[mitiZé kòSô dêd] (anim. CHIMI.)
En toute chose la synthèse est un art fragile et harmonieux.
C’est beau comme du Lao Tseu, des fois je m’émeus. Mais trêve d’auto-flagornerie, apprenez mes amis que mélanger des produits aux propriétés opposées est toujours source de grand danger. Demandez à ma mère qui éteignit deux ou trois incendies avant de mettre fin brusquement à une brillante et prometteuse carrière de chimiste dont j’établissais les bases en prime enfance en jouant avec ce coffret retrouvé au grenier¹. Mais comme à l’accoutumée je m’égare.
L’expression que nous mettons sur le métier aujourd’hui rend compte très précisément de l’incongruité mal à propos de nombreux mélanges instables. Mitigé cochon d’Inde que vous avez forcément entendue si vous avez eu la chance de connaître vos grands-parents qui étaient par définition surannés, prend à témoin le Cavia porcellus et plus spécifiquement la dysharmonie de son pelage velu.
Le laid (mais sympathique) animal aux pattes courtes et aux griffes acérées, dépourvu de queue et de cou, est en effet doté de nombreuses variantes de coloris qui l’apparenteront, au choix, aux diverses possibilités de peintures de la gamme Twingo ou aux élucubrations sous acide des designers de la marque de vêtements Desigual. Dans les deux cas du grand n’importe quoi.
De cette cacophonie colorielle on dira qu’elle est mitigée cochon d’Inde, autrement dit indécise, à la recherche de sa véritable identité, disparate. Les plus optimistes chercheront à comprendre, alors qu’il convient de sévir (cf. le cas princeps du Petit Chimiste¹). Ne laissez jamais s’installer quelque cas mitigé cochon d’Inde qui soit ! Dans le choix de votre tenue comme dans celui de votre vie. Cette composition foireuse vous explosera au visage, tôt ou tard.
Ne confondez pas pour autant le mélange réussi, le mâtiné, le métissé, le panaché, qui respectent quant à eux la divine proportion, Phi, rapport entre la grande partie et la petite d’un objet composé de deux parties inégales similaire au rapport entre le tout et la grande partie (ce n’est pas de moi mais d’Euclide, si c’est trop compliqué voyez avec le service concerné).

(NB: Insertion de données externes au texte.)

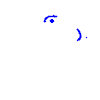
Particle: kaon
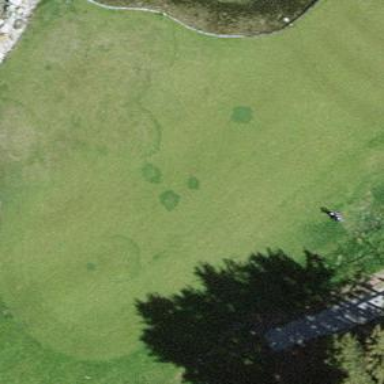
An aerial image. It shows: Golf fairway surrounded by grass.

Le mitigé cochon d’Inde est même l’inverse de ce nombre d’or pétri d’harmonie que trouvent parfois les artistes qui nous laissent des œuvres universelles.
Le cochon d’Inde Shelty et ses poils qui partent vers l’arrière n’a rien de l’homme de Vitruve, le Péruvien au poil lisse dirigé vers l’avant, même avec ses deux rosettes sur les fesses, ne fait aucune ombre à la Naissance de Vénus de Botticelli, et la Joconde dont le visage se tient dans un parfait enchaînement de rectangles d’or a un sourire plus avenant que celui du Texel à poil long ondulé. Rien, vraiment rien ne rapproche mitigé cochon d’Inde et divine proportion.
Reste que mitigé cochon d’Inde ne s’utilise guère plus que cet étrange nombre d’or. Tous deux sont devenus surannés dans une époque qui fait de ses outrances des titres de gloire. Et cet oubli pourrait bien un jour ou l’autre nous coûter un peu cher, certains de nos contemporains n’ayant pas retenu la leçon de manipulation des produits contradictoires : un jour ça vous pète à la gueule. C’est valable en chimie, en art, en politique.